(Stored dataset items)
★ ★ ★ ★ ★ ★ ★

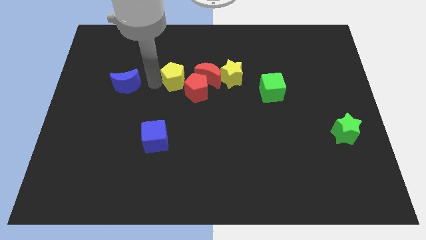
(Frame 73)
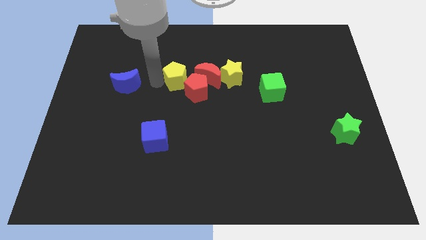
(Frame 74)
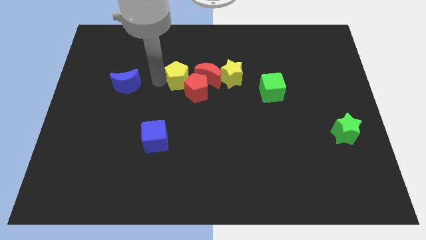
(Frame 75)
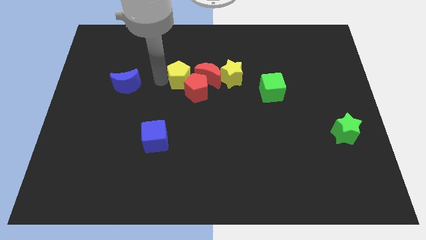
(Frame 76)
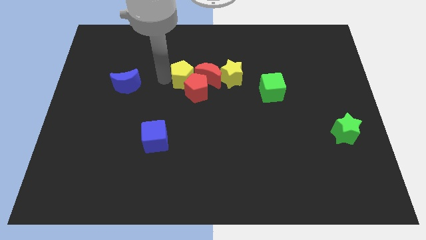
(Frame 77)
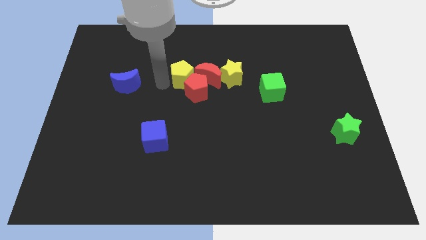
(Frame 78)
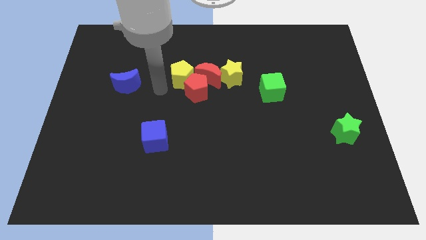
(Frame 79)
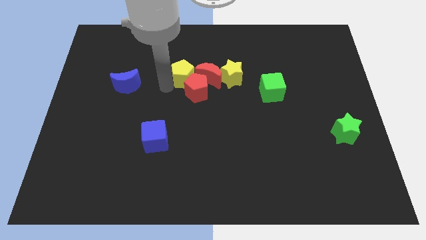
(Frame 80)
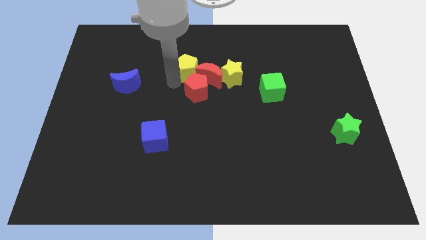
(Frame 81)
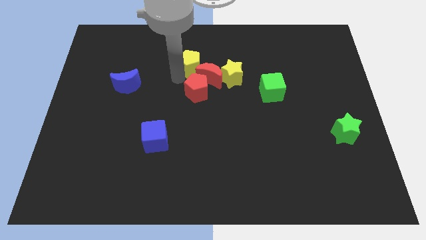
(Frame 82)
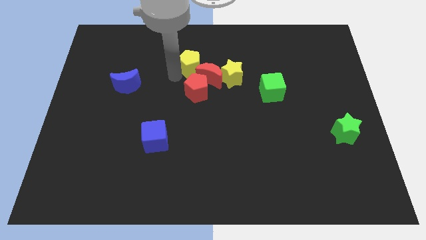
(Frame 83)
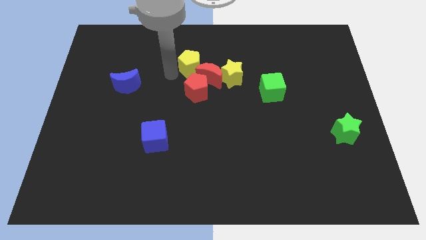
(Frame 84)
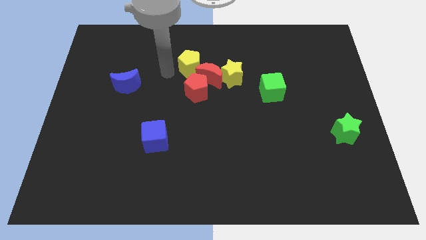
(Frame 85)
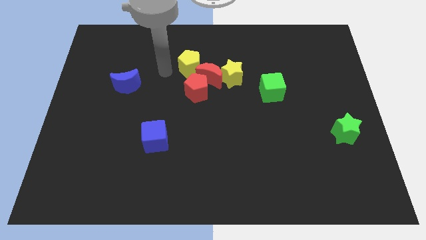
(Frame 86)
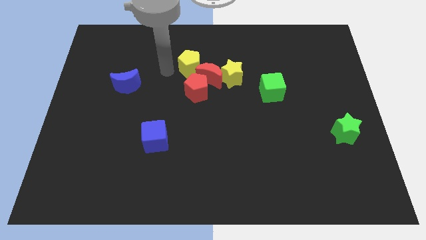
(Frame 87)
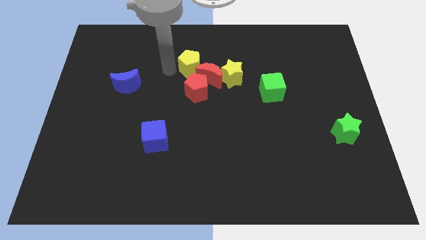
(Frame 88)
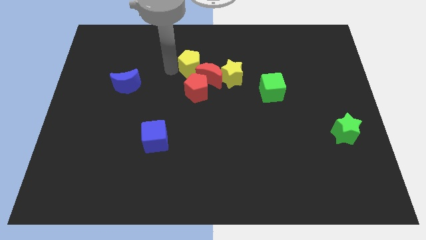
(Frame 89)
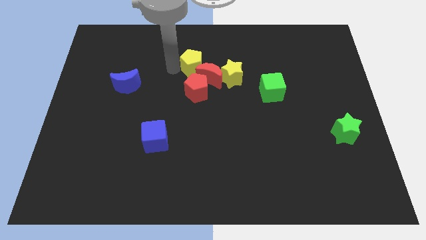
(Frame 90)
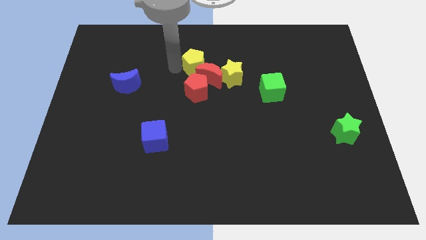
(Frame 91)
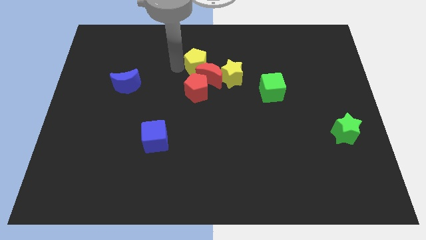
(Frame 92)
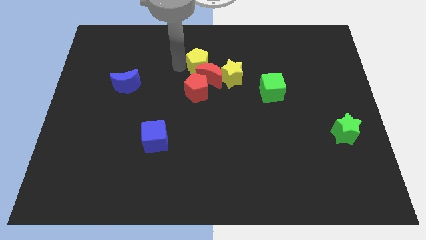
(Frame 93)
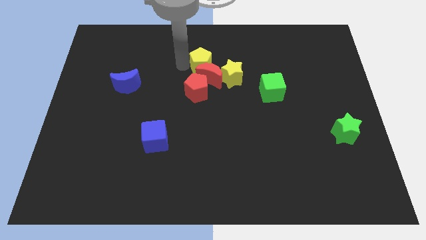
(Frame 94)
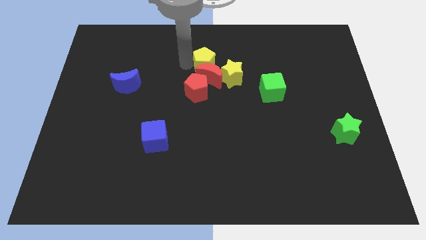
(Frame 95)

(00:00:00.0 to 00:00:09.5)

★ ★ ★ ★ ★ ★ ★

Once the pictures are set aside, write out each record exactly.

• _Completed task_
(Frame 73)
(Frame 74)
(Frame 75)
(Frame 76)
(Frame 77)
(Frame 78)
(Frame 79)
(Frame 80)
(Frame 81)
(Frame 82)
(Frame 83)
(Frame 84)
(Frame 85)
(Frame 86)
(Frame 87)
(Frame 88)
(Frame 89)
(Frame 90)
(Frame 91)
(Frame 92)
(Frame 93)
(Frame 94)
(Frame 95)

(00:00:00.0 to 00:00:09.5)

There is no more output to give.